Dobbiamo essere pazienti e sapere sempre che se per ottenere
qualche risultato di miglioramento bisogna fare qualche sacrificio
momentaneo, conviene farlo… 🙂 🙂 🙂
Sicuramente quando i lavori saranno ultimati non ci saranno problemi di rallentamenti del traffico, d’altra parte già oggi con il vecchio percorso, se si togliessere i mezzi dei cantieri si viaggerebbe senza problemi visto che il traffico, sopratutto quello pesante, è molto limitato. I luoghi che sono stati distruti dai lavori invece, risaltano già adesso rendendo inguardabili dei luoghi che erano caratteristici delle zone interne delle marche che tanto decantiamo negli spot di promozione della Regione fatti da Dustin Hofman. Credo che continuando di questo passo quella che viene definita la prima risorsa italiana, cioè la bellezza dei luoghi, che insieme all’arte dovrebbe attirare turisti da tutto il mondo, ce la potremo scordare. Ma che importa, tanto noi potenziamo l’edilizia e tuto ciò che è legato al cemento. In ogni caso, visto che a lavori ultimati potremo arrivare a Roma risparmiando 15 o anche 20 minuti di tempo, certamente valeva la pena di commettere questo scempio della natura e della bellezza e di spendere miliardi che sarebbero stai meglio utilizzati in servizi più utili a cittadini.
C’è sempre qualcuno che, anche quando le cose sono fatte bene, deve trovare la maniera di criticare. I lavori stanno andando avanti secondo la programmazione e forse a chi remava contro da fastidio ?

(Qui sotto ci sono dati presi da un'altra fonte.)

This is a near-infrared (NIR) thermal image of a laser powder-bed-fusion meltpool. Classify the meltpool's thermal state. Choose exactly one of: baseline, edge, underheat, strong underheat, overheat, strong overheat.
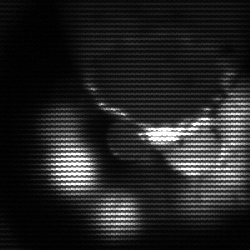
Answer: edge
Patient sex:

Magari tutte le opere pubbliche potessero andare avanti come quelle della Quadrilatero. Evidentemente chi era scettico all’inizio persevera e a causa di questo scetticismo abbiamo perso il finanziamento per la famosa intervalliva Palazzetto- Superstrada.

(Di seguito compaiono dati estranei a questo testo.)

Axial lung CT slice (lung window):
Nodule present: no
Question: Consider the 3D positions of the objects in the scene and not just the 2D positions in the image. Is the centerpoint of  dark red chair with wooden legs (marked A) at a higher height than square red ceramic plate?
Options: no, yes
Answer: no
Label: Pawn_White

Ogni tanto qualche buona notizia, anzi ottima.
Concordo e confermo con JoeTheDodger e Molinari, e aggiorno lo stato dei lavori anche sul tratto SS 76 “Val d’Esino” tratti Fossato di Vico – Cancelli e Albacina – Serra S.Quirico (completamento 4 corsie)
dove i lavori procedono speditamente (con lunghe gallerie) e qualcosa si muove forse anche per la muccia-fabriano.